記事:「台湾」名での国連加盟見直し、劉・次期行政院長が方針

「台湾」名での国連加盟見直し、劉・次期行政院長が方針

 

台北=石井利尚】台湾の劉兆玄次期行政院長(首相)(65)は13日、読売新聞のインタビューに応じ、独立志向の陳水扁民進党政権が推進した「台湾」名での国連加盟方針を見直す考えを表明した。

 中国は、「台湾」名での加盟に対して「独立の動き」と強く反発しており、見直しは中台関係改善を後押ししそうだ。劉氏は20日の馬英九・国民党政権発足で院長に就任する。

 劉氏は「国連加盟は多くの住民の願いだが、実務的な方式に見直す」と言明した。劉氏は「過去のやり方は台湾に有益ではなく、国際社会でも多くの支持を得られなかった」と総括。「今の正式国名は『中華民国』だ」と述べ、「台湾」名を強行しない姿勢を示した。

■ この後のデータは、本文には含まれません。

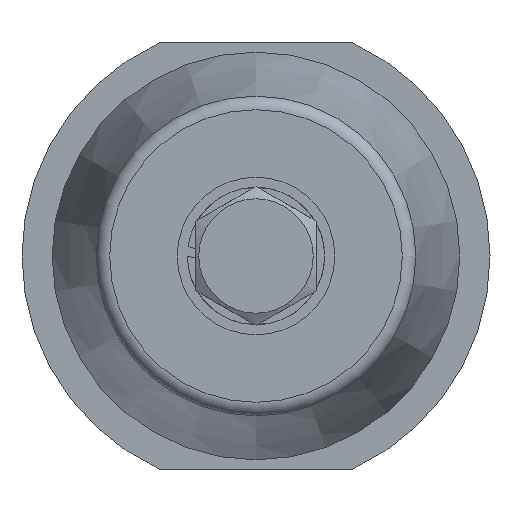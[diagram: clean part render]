
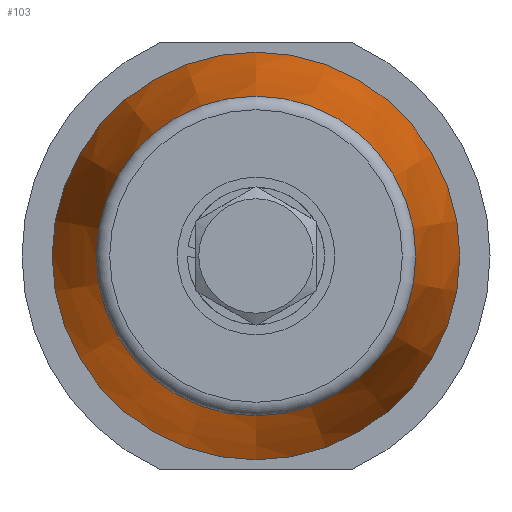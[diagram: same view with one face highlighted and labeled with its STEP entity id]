
A CAD part, front view. The second image highlights one B-rep face of the part: STEP entity #103.
In plain terms, the highlighted conical face has half-angle 12 degrees and reference radius 17 mm.
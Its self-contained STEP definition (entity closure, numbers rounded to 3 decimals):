
#103 = ADVANCED_FACE ( 'NONE', ( #536, #966 ), #434, .T. ) ;
#166 = VERTEX_POINT ( 'NONE', #964 ) ;
#224 = AXIS2_PLACEMENT_3D ( 'NONE', #1415, #433, #1586 ) ;
#433 = DIRECTION ( 'NONE',  ( 0., 1., 0. ) ) ;
#434 = CONICAL_SURFACE ( 'NONE', #1167, 17., 0.209 ) ;
#475 = ORIENTED_EDGE ( 'NONE', *, *, #1743, .F. ) ;
#536 = FACE_BOUND ( 'NONE', #1569, .T. ) ;
#566 = AXIS2_PLACEMENT_3D ( 'NONE', #623, #1784, #791 ) ;
#571 = EDGE_LOOP ( 'NONE', ( #475 ) ) ;
#623 = CARTESIAN_POINT ( 'NONE',  ( 0., -28.812, 0. ) ) ;
#791 = DIRECTION ( 'NONE',  ( 0., 0., -1. ) ) ;
#964 = CARTESIAN_POINT ( 'NONE',  ( 0., -28.812, -17.253 ) ) ;
#966 = FACE_OUTER_BOUND ( 'NONE', #571, .T. ) ;
#1040 = CIRCLE ( 'NONE', #566, 17.253 ) ;
#1159 = DIRECTION ( 'NONE',  ( 0., 0., 1. ) ) ;
#1167 = AXIS2_PLACEMENT_3D ( 'NONE', #1664, #1333, #1159 ) ;
#1277 = EDGE_CURVE ( 'NONE', #166, #166, #1040, .T. ) ;
#1333 = DIRECTION ( 'NONE',  ( 0., 1., 0. ) ) ;
#1415 = CARTESIAN_POINT ( 'NONE',  ( 0., -6.5, 0. ) ) ;
#1471 = CARTESIAN_POINT ( 'NONE',  ( 0., -6.5, 21.995 ) ) ;
#1510 = CIRCLE ( 'NONE', #224, 21.995 ) ;
#1569 = EDGE_LOOP ( 'NONE', ( #1700 ) ) ;
#1586 = DIRECTION ( 'NONE',  ( 0., 0., 1. ) ) ;
#1664 = CARTESIAN_POINT ( 'NONE',  ( 0., -30., 0. ) ) ;
#1700 = ORIENTED_EDGE ( 'NONE', *, *, #1277, .T. ) ;
#1743 = EDGE_CURVE ( 'NONE', #1832, #1832, #1510, .T. ) ;
#1784 = DIRECTION ( 'NONE',  ( 0., 1., 0. ) ) ;
#1832 = VERTEX_POINT ( 'NONE', #1471 ) ;
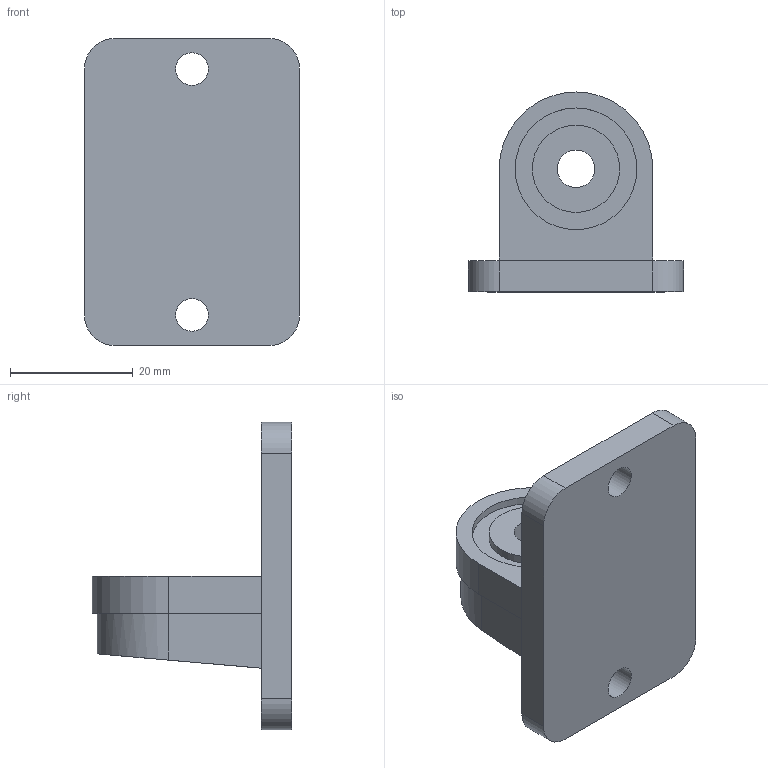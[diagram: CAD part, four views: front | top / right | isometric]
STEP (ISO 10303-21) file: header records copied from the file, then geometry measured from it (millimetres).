
FILE_DESCRIPTION( ( 'STEP AP214' ), '1' );
FILE_NAME( 'K0487.18.stp', '2020-12-08T10:27:05', ( '' ), ( '' ), ' ', 'PARTsolutions', ' ' );
FILE_SCHEMA( ( 'AUTOMOTIVE_DESIGN { 1 0 10303 214 1 1 1 1 }' ) );
Length unit declared in the file: millimetre
Products named in the file (1): _K0487.18
Bounding box: 35 x 32.5 x 50 mm (x, y, z)
Volume: 14044.8 mm3; surface area: 7314.3 mm2
Topology: 1 solids, 1 shells, 47 faces, 123 edges, 83 vertices
Faces by surface type: plane 30, cylinder 17
Full cylindrical faces by diameter (mm): 5.3 x2, 6.1 x1, 14.2 x1, 15 x1, 19.8 x1
Entity records: 1806 total; most frequent: DIRECTION 248, CARTESIAN_POINT 242, ORIENTED_EDGE 228, EDGE_CURVE 114, AXIS2_PLACEMENT_3D 86, VERTEX_POINT 80, LINE 76, VECTOR 76

 対外政策について、劉氏は、「開放が新政権の方針だ」と述べ、日本やシンガポールなど周辺諸国との自由貿易協定(FTA)締結を推進すると表明。劉氏は「台湾は鎖国的なやり方から抜け出すべきだ。日本が積極的な態度を示すことを期待している」と述べた。対中関係では中台直行チャーター便の週末運航と中国人観光客解禁の7月実現を「楽観視している」と話した。

 また、陳政権は「台湾は中国とは別」との台湾重視の歴史教育を推進したが、劉氏は「大多数の住民は中国大陸から渡ってきており、台湾の文化の源泉は中華文化だ。脱中国化には賛成できない」と述べた。